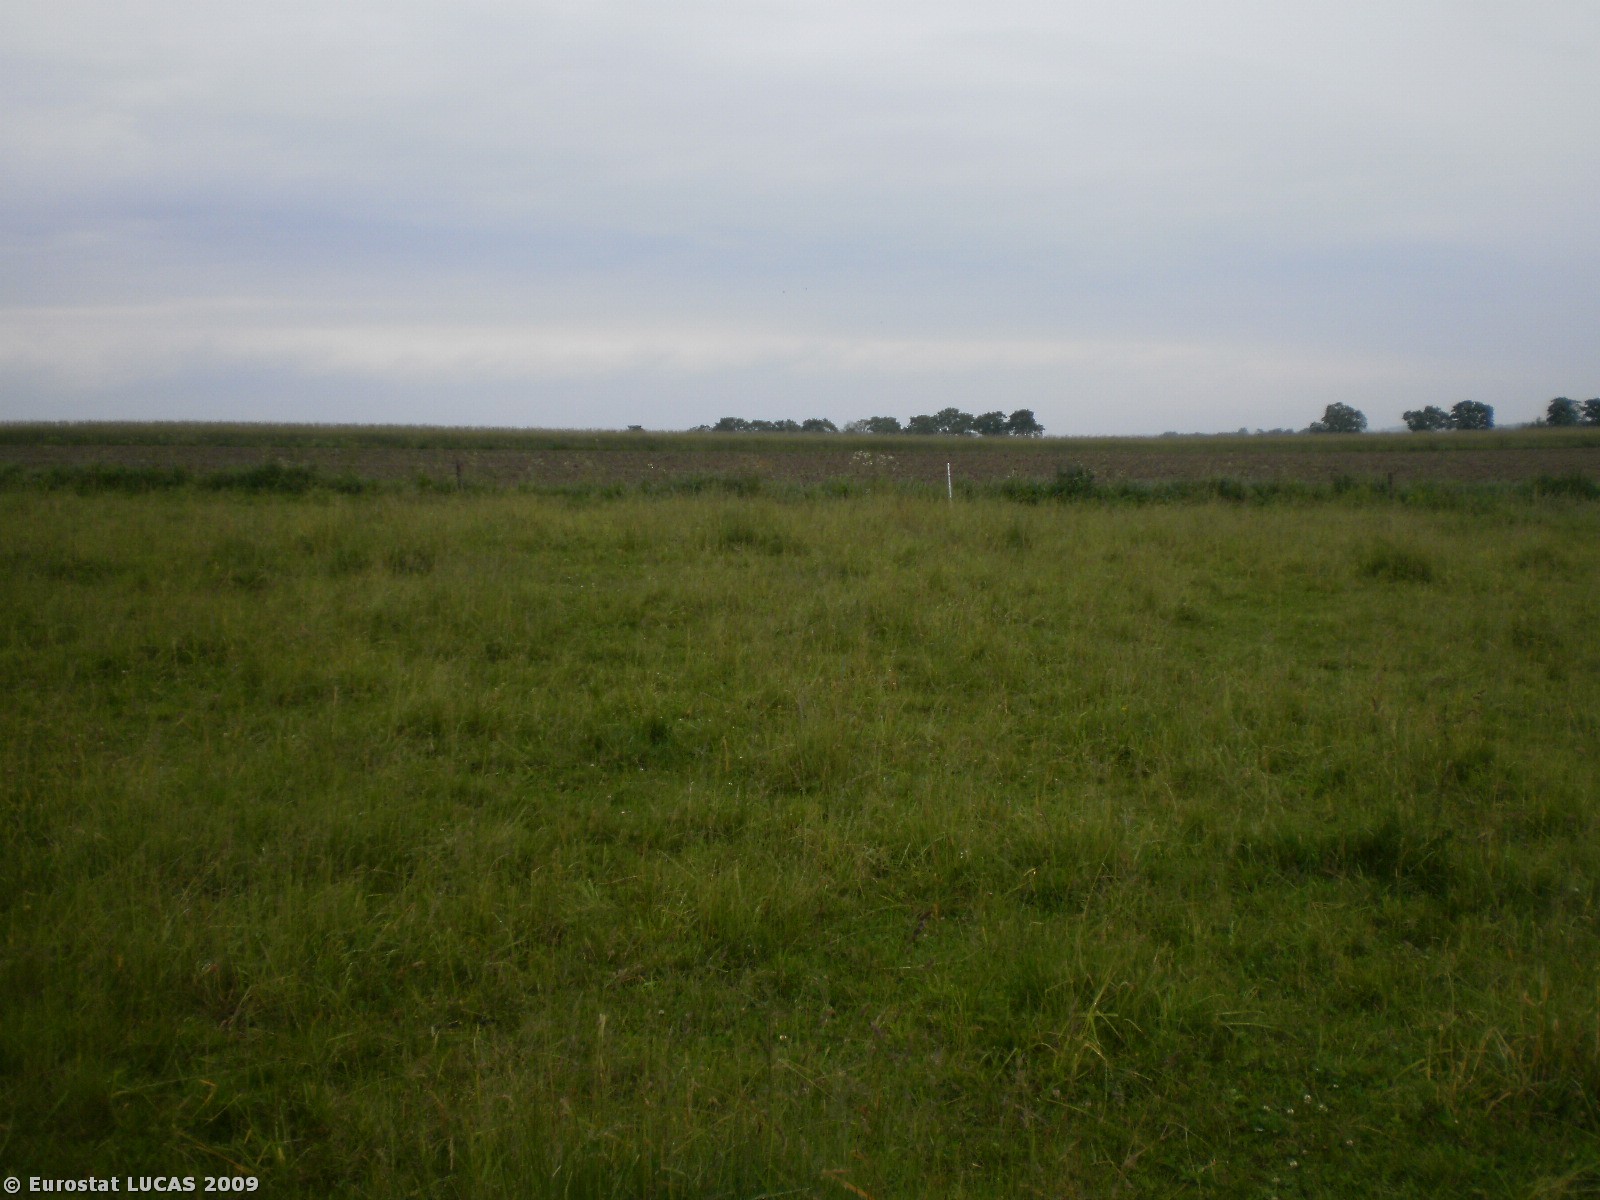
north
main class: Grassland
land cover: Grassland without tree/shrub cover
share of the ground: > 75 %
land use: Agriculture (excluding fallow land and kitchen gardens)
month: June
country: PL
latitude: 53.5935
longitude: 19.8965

TASK ITEM:
No picture belongs in the copy. Print every entry above exactly as it stands.

OUTPUT OF THE TASK:
north
main class: Grassland
land cover: Grassland without tree/shrub cover
share of the ground: > 75 %
land use: Agriculture (excluding fallow land and kitchen gardens)
month: June
country: PL
latitude: 53.5935
longitude: 19.8965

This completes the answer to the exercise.